* _Your goal_
Your task is to filter the data below down to the lines holding "Harmanus".

* _Information_
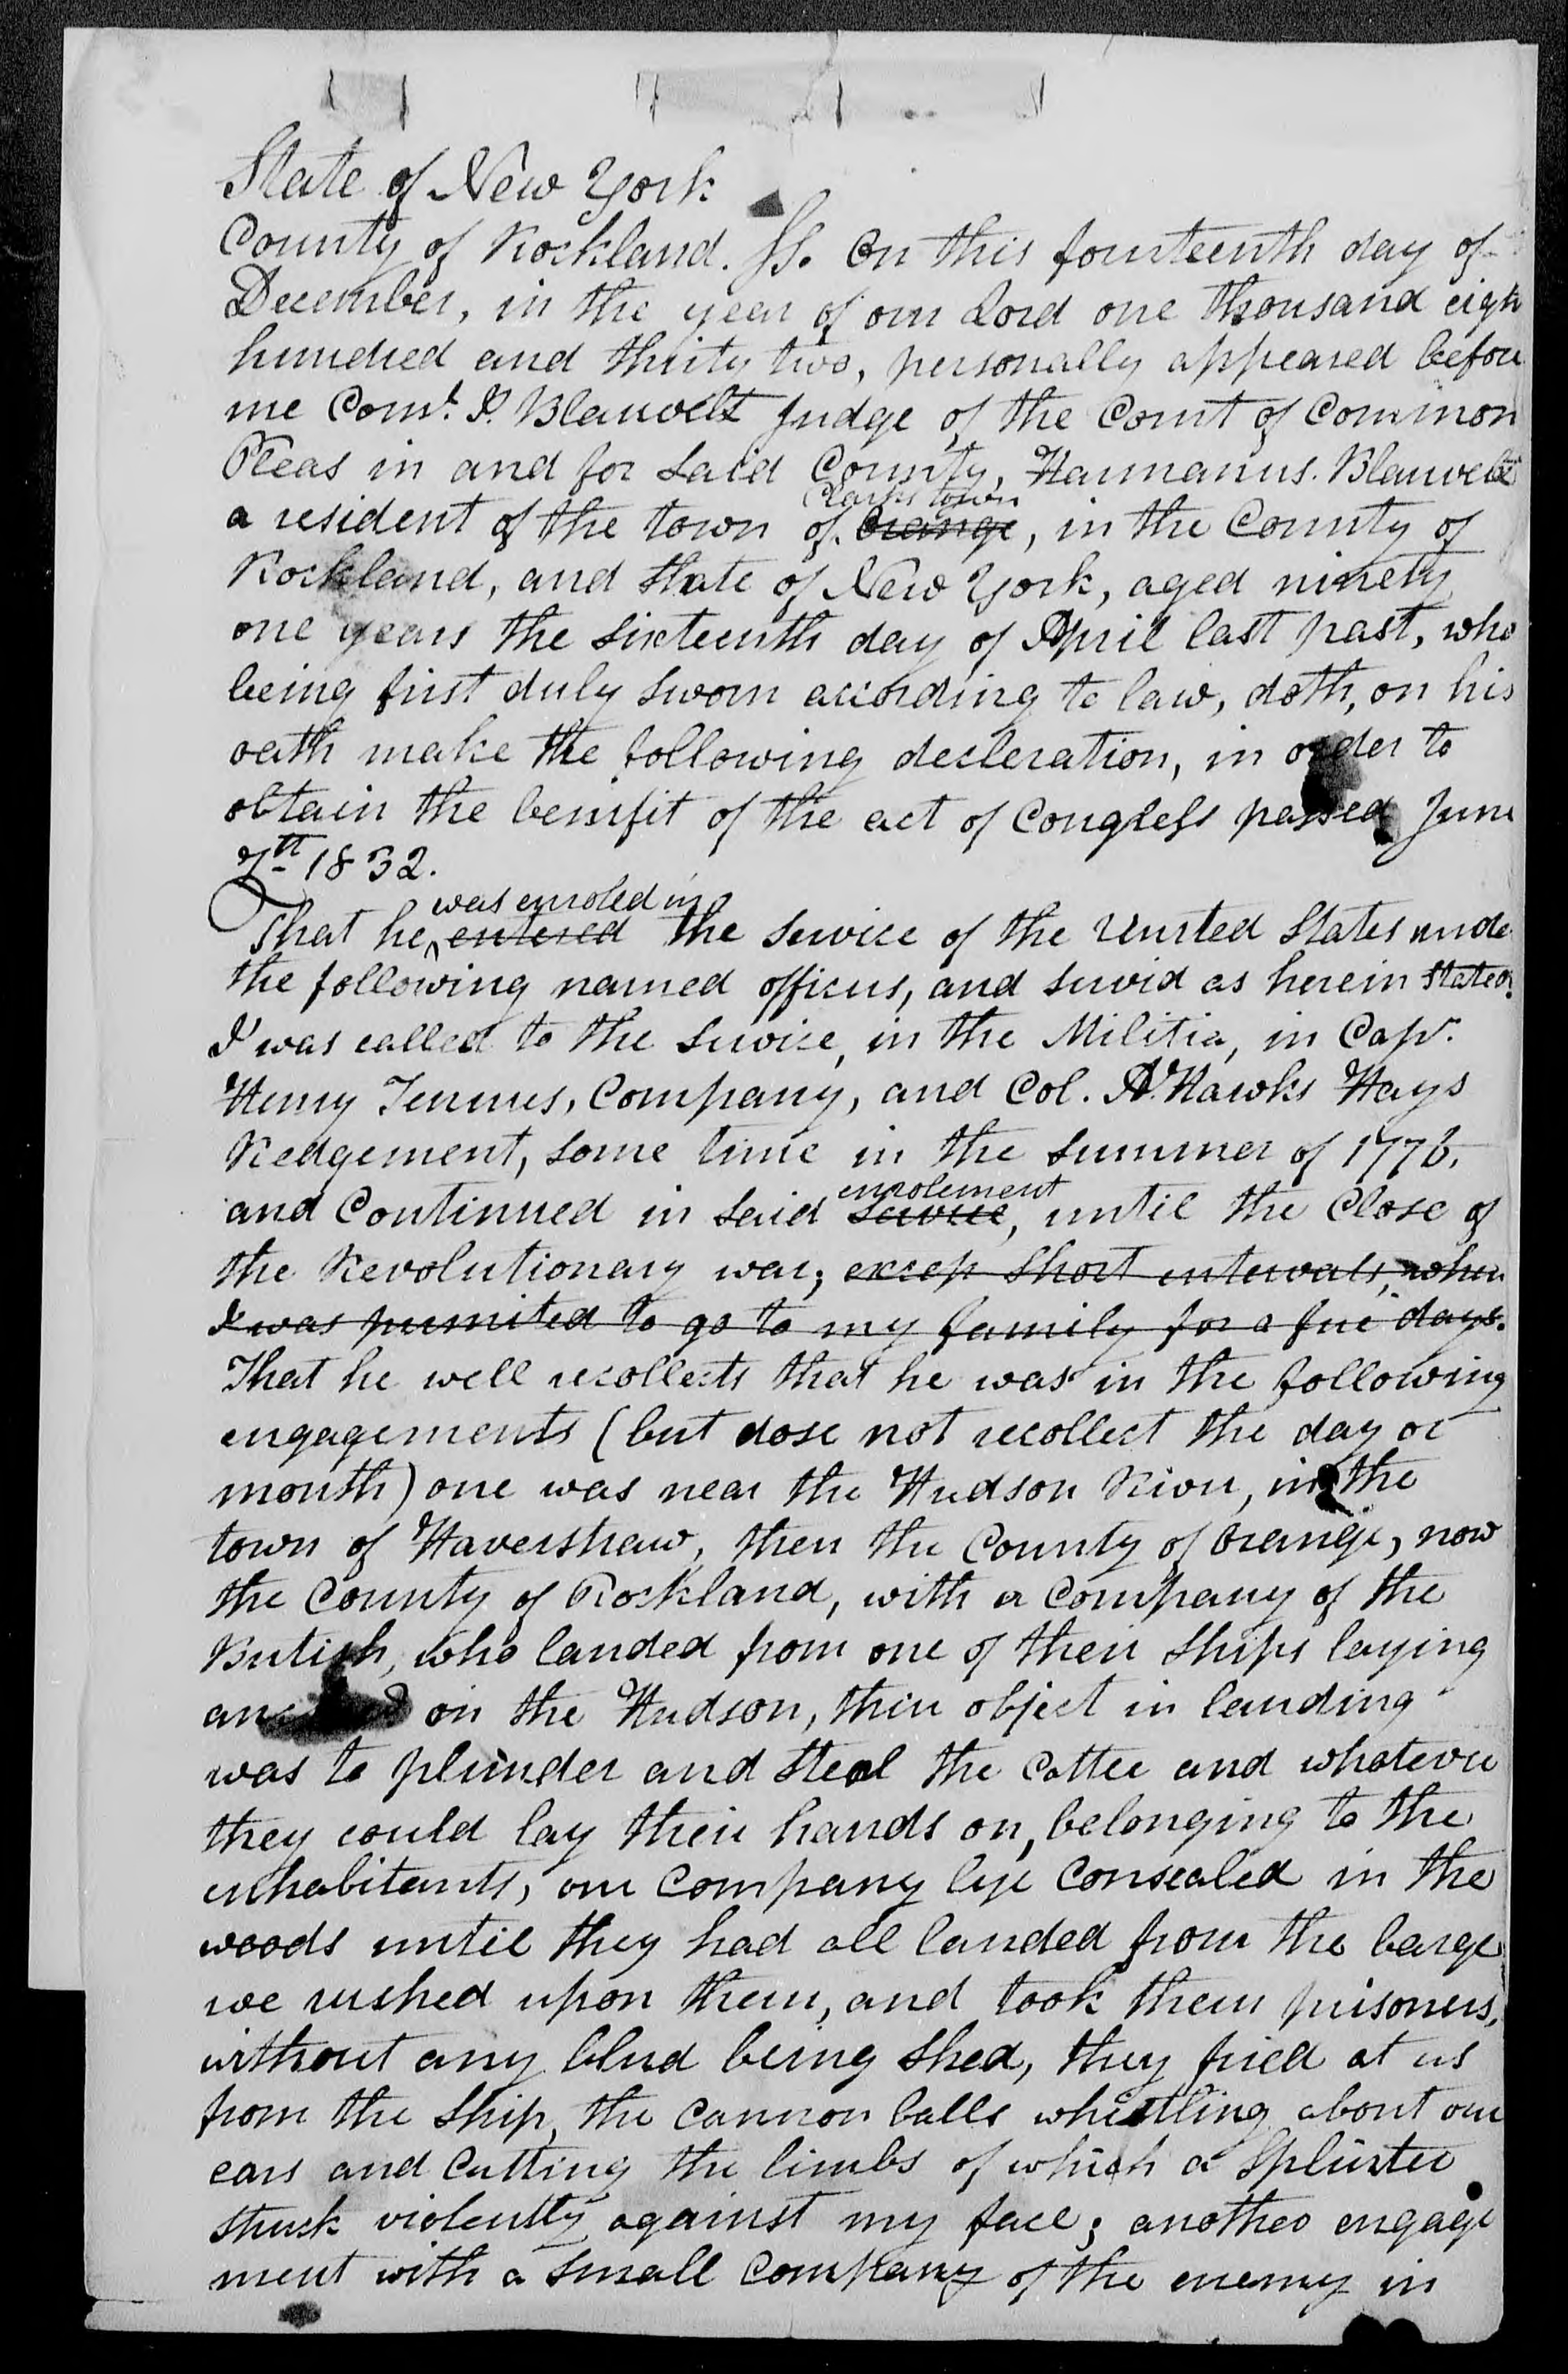State of New York
County of Rockland, Ss.  on this fourteenth day of December, in the year of our Lord one thousand eight hundred and thirty two, personally appeared before me Comt G. Blauvelt Judge of the County of Common Pleas in and for said County, Harmanus Blauvelt a resident of the town of [Orange, crossed out] Clarkstown, in the County of Rockland, and State of New York, aged ninety one years the sixteenth day of April last past, who being first duly sworn according to law, doth, on his oath make the following declaration, in order to obtain the benefit of the act of Congress passed June 7th 1832.
That he was enrolled in [entered, crossed out] the service of the United States under the following named officers, and served as herein stated. I was called to the service, in the Militia, in Capt. Henry Tenure [or poss. Leumes or Teunes], Company, and Col. A. Hawks Hays Regiment, some time in the summer of 1776, and Continued in said [service, crossed out] enrollment, until the close of the Revolutionary war, [except short intervals when I was permitted to go to my family for a few days, crossed out]. That he well recollects that he was in the following engagements (but does not recollect the day or month) one was near the Hudson River, in the town of Haverstraw, then the County of Orange, now the County of Rockland, with a Company of the British, who landed from one of their ships laying an [illegible] on the Hudson, their object in landing was to plunder and steal the cattle and whatever they could lay their hands on, belonging to the inhabitants, our Company lay concealed in the woods until they had all landed from the barge we rushed upon them, and took them prisoners, without any blood being shed, they fired at us from the ship, the cannon balls whistling about our ears and cutting the limbs of which a splinter struck violently against my face; another engagement with a small company of the enemy in

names: Harmanus Blauvelt, Blauvelt
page: 3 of 33
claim: survivor's
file: S. 22,653, Harmanus Blauvelt, New York

* _Reply to the task_
County of Rockland, Ss.  on this fourteenth day of December, in the year of our Lord one thousand eight hundred and thirty two, personally appeared before me Comt G. Blauvelt Judge of the County of Common Pleas in and for said County, Harmanus Blauvelt a resident of the town of [Orange, crossed out] Clarkstown, in the County of Rockland, and State of New York, aged ninety one years the sixteenth day of April last past, who being first duly sworn according to law, doth, on his oath make the following declaration, in order to obtain the benefit of the act of Congress passed June 7th 1832.
names: Harmanus Blauvelt, Blauvelt
file: S. 22,653, Harmanus Blauvelt, New York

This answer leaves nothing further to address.